Top of RECORDS SUPPLIED

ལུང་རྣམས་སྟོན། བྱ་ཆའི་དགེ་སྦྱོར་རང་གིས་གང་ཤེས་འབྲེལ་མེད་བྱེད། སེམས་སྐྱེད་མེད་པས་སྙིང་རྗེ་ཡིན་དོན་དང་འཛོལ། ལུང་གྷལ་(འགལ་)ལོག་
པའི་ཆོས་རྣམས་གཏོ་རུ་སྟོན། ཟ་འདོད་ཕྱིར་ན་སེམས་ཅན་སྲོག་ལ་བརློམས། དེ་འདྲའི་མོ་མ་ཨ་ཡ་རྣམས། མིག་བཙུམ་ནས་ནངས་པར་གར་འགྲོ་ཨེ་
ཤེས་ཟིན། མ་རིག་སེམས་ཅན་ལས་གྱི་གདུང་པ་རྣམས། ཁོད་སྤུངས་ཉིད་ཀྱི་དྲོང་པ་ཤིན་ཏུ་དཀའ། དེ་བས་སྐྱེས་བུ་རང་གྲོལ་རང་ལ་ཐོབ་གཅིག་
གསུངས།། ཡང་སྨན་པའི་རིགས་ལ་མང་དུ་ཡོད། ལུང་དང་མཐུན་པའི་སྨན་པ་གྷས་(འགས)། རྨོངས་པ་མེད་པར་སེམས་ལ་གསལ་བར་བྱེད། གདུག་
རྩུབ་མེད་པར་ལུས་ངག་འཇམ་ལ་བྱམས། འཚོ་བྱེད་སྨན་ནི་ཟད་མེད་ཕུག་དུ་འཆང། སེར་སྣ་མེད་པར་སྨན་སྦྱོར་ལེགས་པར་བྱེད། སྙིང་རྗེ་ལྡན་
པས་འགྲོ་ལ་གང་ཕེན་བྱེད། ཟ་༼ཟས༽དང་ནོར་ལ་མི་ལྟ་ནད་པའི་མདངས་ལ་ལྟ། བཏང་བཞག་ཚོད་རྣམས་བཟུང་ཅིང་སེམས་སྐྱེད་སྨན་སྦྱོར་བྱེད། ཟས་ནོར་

Bottom of RECORDS SUPPLIED

▶ [DIRECTIONS]: All entries given above are to be printed again exactly.

▶ [RESULT FOR THIS TASK]:
ལུང་རྣམས་སྟོན། བྱ་ཆའི་དགེ་སྦྱོར་རང་གིས་གང་ཤེས་འབྲེལ་མེད་བྱེད། སེམས་སྐྱེད་མེད་པས་སྙིང་རྗེ་ཡིན་དོན་དང་འཛོལ། ལུང་གྷལ་(འགལ་)ལོག་
པའི་ཆོས་རྣམས་གཏོ་རུ་སྟོན། ཟ་འདོད་ཕྱིར་ན་སེམས་ཅན་སྲོག་ལ་བརློམས། དེ་འདྲའི་མོ་མ་ཨ་ཡ་རྣམས། མིག་བཙུམ་ནས་ནངས་པར་གར་འགྲོ་ཨེ་
ཤེས་ཟིན། མ་རིག་སེམས་ཅན་ལས་གྱི་གདུང་པ་རྣམས། ཁོད་སྤུངས་ཉིད་ཀྱི་དྲོང་པ་ཤིན་ཏུ་དཀའ། དེ་བས་སྐྱེས་བུ་རང་གྲོལ་རང་ལ་ཐོབ་གཅིག་
གསུངས།། ཡང་སྨན་པའི་རིགས་ལ་མང་དུ་ཡོད། ལུང་དང་མཐུན་པའི་སྨན་པ་གྷས་(འགས)། རྨོངས་པ་མེད་པར་སེམས་ལ་གསལ་བར་བྱེད། གདུག་
རྩུབ་མེད་པར་ལུས་ངག་འཇམ་ལ་བྱམས། འཚོ་བྱེད་སྨན་ནི་ཟད་མེད་ཕུག་དུ་འཆང། སེར་སྣ་མེད་པར་སྨན་སྦྱོར་ལེགས་པར་བྱེད། སྙིང་རྗེ་ལྡན་
པས་འགྲོ་ལ་གང་ཕེན་བྱེད། ཟ་༼ཟས༽དང་ནོར་ལ་མི་ལྟ་ནད་པའི་མདངས་ལ་ལྟ། བཏང་བཞག་ཚོད་རྣམས་བཟུང་ཅིང་སེམས་སྐྱེད་སྨན་སྦྱོར་བྱེད། ཟས་ནོར་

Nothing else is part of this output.